The DocuSign hack: how could you be affected?

Digital signature company DocuSign, known for largely digitising the signing and authorisaton of confidential documents, is the latest victim of hacking. The attack involves hackers gaining access to the email addresses of the service’s users and sending out spoofed, malware-riddled emails appearing to be from the DocuSign platform.

The result of the hack is a significant increase in spoofed emails purporting to be from DocuSign. While DocuSign has been the subject of phishing emails previously, the hackers’ direct access to its customers means it poses a bigger risk, as they can now directly target its customer base.

DocuSign was quick to point out that only email addresses of customers with DocuSign accounts were accessed, and not additional identifying information such as addresses, passwords, financial information, or any customer documents sent and signed through the service. This means that employees and clients of those with accounts are unlikely to receive spoofed emails as part of this malicious campaign. While this will be a relief to those affected, it’s still a significant issue. According to Forbes, the compromised email addresses could easily be matched up with personal data leaked elsewhere.

This means that dedicated hackers could obtain an email address from an employee of yours who has DocuSign and look up the company online. From there, they could use publicly accessible data to target your customers. Maybe you’ve got customer case studies on your website, or your customers promote you on their website; this is all information that a particularly scrupulous hacker could use to target your customers, sending a spoofed email purporting to be DocuSign on behalf of your business.

Email spoofing is a long-held tactic by hackers used primarily for phishing or spreading malware like Ransomware.

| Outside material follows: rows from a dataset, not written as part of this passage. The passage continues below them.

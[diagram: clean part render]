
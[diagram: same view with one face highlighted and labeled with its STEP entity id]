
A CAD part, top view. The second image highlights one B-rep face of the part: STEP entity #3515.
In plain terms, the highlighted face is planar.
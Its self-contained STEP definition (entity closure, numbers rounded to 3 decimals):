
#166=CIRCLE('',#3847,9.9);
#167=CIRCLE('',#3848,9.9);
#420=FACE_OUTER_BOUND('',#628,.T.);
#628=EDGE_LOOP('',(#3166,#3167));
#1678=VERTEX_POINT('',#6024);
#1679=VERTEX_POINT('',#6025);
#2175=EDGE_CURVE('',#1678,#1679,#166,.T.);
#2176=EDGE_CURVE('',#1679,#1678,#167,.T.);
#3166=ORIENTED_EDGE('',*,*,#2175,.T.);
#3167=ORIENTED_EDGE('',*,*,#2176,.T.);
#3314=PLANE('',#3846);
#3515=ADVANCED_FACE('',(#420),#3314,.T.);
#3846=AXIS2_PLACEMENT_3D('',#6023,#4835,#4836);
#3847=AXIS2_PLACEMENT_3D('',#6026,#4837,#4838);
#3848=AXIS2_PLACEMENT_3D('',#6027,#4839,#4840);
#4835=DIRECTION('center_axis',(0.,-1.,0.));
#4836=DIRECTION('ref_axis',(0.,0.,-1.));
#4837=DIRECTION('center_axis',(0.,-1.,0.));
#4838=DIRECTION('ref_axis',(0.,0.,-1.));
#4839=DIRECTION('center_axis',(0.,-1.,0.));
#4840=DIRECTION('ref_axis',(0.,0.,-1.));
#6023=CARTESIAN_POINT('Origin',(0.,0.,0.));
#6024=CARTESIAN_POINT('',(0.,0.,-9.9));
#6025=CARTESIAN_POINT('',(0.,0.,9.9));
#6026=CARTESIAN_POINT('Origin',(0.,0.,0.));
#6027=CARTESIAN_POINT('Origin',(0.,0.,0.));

Hackers will pretend to be either a reputable person or a company by mimicking their email branding, layout and tone of voice, with the aim of distributing malware or gaining credentials via phishing.

Companies like Apple are regularly spoofed, as hackers send out fake invoices or receipts in the hope of scaring the user into clicking the link to ‘access their account’; in reality the victim is directed to a fake website where they enter their details. Hey presto, you’ve been phished. You can find out more about the tactic of email spoofing, included hackers who spoof your colleagues and how to spot these emails, in our recent blog: email spoofing exposed.

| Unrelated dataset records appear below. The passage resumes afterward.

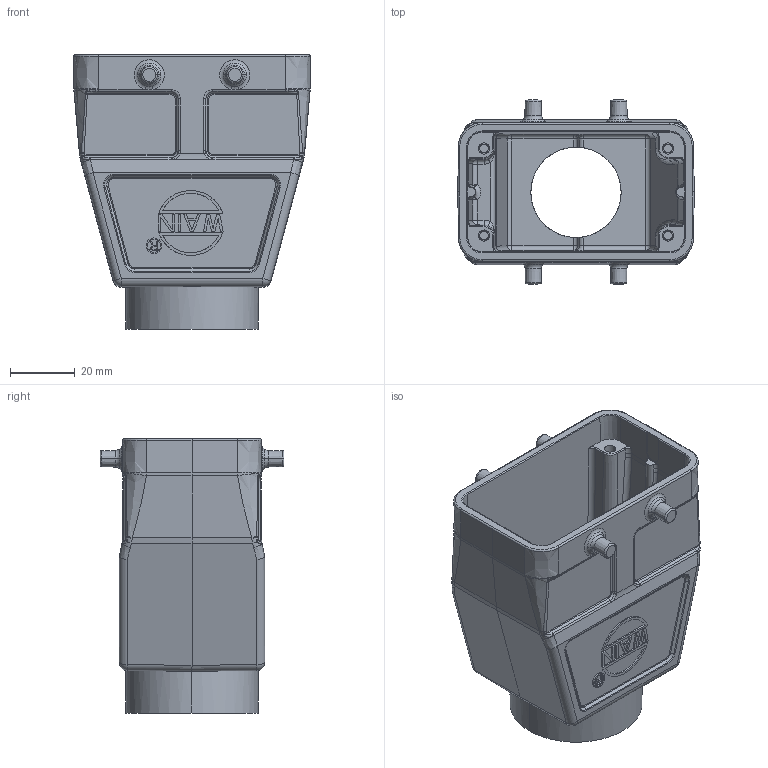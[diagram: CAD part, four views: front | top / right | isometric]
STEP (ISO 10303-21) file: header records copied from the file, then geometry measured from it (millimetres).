
FILE_DESCRIPTION((''),'2;1');
FILE_NAME('3D_1110104305003_H10B-TEH-4B-M2','2020-09-28T',('f.li'),(''),'PRO/ENGINEER BY PARAMETRIC TECHNOLOGY CORPORATION, 2012480','PRO/ENGINEER BY PARAMETRIC TECHNOLOGY CORPORATION, 2012480','');
FILE_SCHEMA(('CONFIG_CONTROL_DESIGN'));
Length unit declared in the file: millimetre
Products named in the file (1): 3D_1110104305003_H10B-TEH-4B-M2
Bounding box: 73.2 x 57 x 85 mm (x, y, z)
Volume: 68436.7 mm3; surface area: 35265.9 mm2
Topology: 1 solids, 1 shells, 711 faces, 1772 edges, 1090 vertices
Faces by surface type: plane 261, bspline 161, cylinder 150, torus 69, cone 48, sphere 14, extrusion 8
Entity records: 28353 total; most frequent: CARTESIAN_POINT 12598, ORIENTED_EDGE 3524, DIRECTION 2908, EDGE_CURVE 1762, VERTEX_POINT 1090, AXIS2_PLACEMENT_3D 1042, VECTOR 824, LINE 816

DocuSign reports some of the malicious emails include subject lines like ““Completed: docusign.com – Wire Transfer Instructions for recipient-name Document Ready for Signature” or “Completed *company name* – Accounting Invoice *number* Document Ready for Signature”. The emails come from a non-DocuSign domain – a key element in spotting a spoofed email – but come from similar glance-and-you’ll-miss-it domains like docus.com or docusgn.com.

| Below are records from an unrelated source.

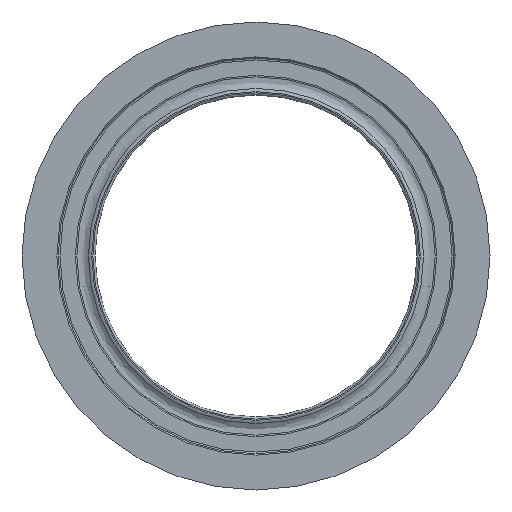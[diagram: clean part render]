
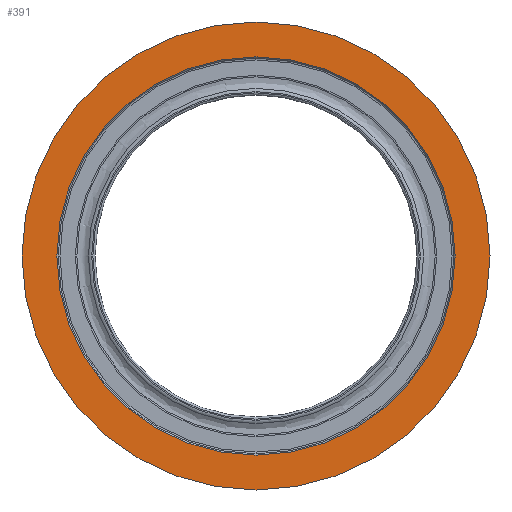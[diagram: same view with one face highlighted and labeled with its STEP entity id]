
A CAD part, left-side view. The second image highlights one B-rep face of the part: STEP entity #391.
In plain terms, the highlighted planar face has unit normal (-1, 0, 0).
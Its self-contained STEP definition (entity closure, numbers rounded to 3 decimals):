
#357=CARTESIAN_POINT('',(-28.5,45.1,0.0));
#358=VERTEX_POINT('',#357);
#359=CARTESIAN_POINT('',(-28.5,0.0,0.0));
#360=DIRECTION('',(1.0,0.0,0.0));
#361=DIRECTION('',(0.0,1.0,0.0));
#362=AXIS2_PLACEMENT_3D('',#359,#360,#361);
#363=CIRCLE('',#362,45.1);
#364=EDGE_CURVE('',#358,#358,#363,.T.);
#372=CARTESIAN_POINT('',(-28.5,49.05,0.0));
#373=DIRECTION('',(-1.0,0.0,0.0));
#374=DIRECTION('',(0.0,0.0,1.0));
#375=AXIS2_PLACEMENT_3D('',#372,#373,#374);
#376=PLANE('',#375);
#377=CARTESIAN_POINT('',(-28.5,53.,0.0));
#378=VERTEX_POINT('',#377);
#379=CARTESIAN_POINT('',(-28.5,0.0,0.0));
#380=DIRECTION('',(1.0,0.0,0.0));
#381=DIRECTION('',(0.0,1.0,0.0));
#382=AXIS2_PLACEMENT_3D('',#379,#380,#381);
#383=CIRCLE('',#382,53.);
#384=EDGE_CURVE('',#378,#378,#383,.T.);
#385=ORIENTED_EDGE('',*,*,#384,.F.);
#386=EDGE_LOOP('',(#385));
#387=FACE_OUTER_BOUND('',#386,.T.);
#388=ORIENTED_EDGE('',*,*,#364,.T.);
#389=EDGE_LOOP('',(#388));
#390=FACE_BOUND('',#389,.T.);
#391=ADVANCED_FACE('',(#387,#390),#376,.T.);

It’s said that the emails contained a malicious attachment; an infected macro-enabled Word document hidden in the email links which, when clicked on and automatically downloaded, would install malware. This is a very common way to distribute Ransomware, which hit the headlines after a global attack brought the NHS, Telefonica and FedEx, amongst thousands of other businesses, to a halt.

What can I do to avoid falling victim to this hack?

If you’re a DocuSign customer, the hackers probably now have your email address. If you have an account with DocuSign, don’t click anything in an email purporting to be from DocuSign or carried via DocuSign. This advice is echoed by security researcher Brian Krebs, who recommends logging into your account for an accurate overview of any documents you need to action.

If you’ve ever used DocuSign before but you’re not a direct customer, you could still be targeted by this attack. Again, it’s highly recommended that you don’t click any links or download any documents included in, or attached to, emails supposedly from DocuSign. Always check with the person or company that the document is allegedly coming from to see if they really sent it. It might even be worth contacting your customers and letting them know about this to ensure they don’t fall for an email purporting to be from your business.

Additional advice on spotting spoofed emails can be found in our blog dedicated to email spoofing. This includes thoroughly checking the email domain (which is often the biggest giveaway; hackers can’t exactly replicate a domain so they’ll try to use something close to it), checking the email content and talking to the relevant person or organisation.

DocuSign has released a comprehensive PDF on spotting the emails and malicious domains that are known to them.

We’d recommend that all our customers be vigilant with any emails received from DocuSign. Follow the advice both in our blog and that issued by DocuSign and if in doubt, don’t click any links and speak directly to the person who allegedly sends you the document.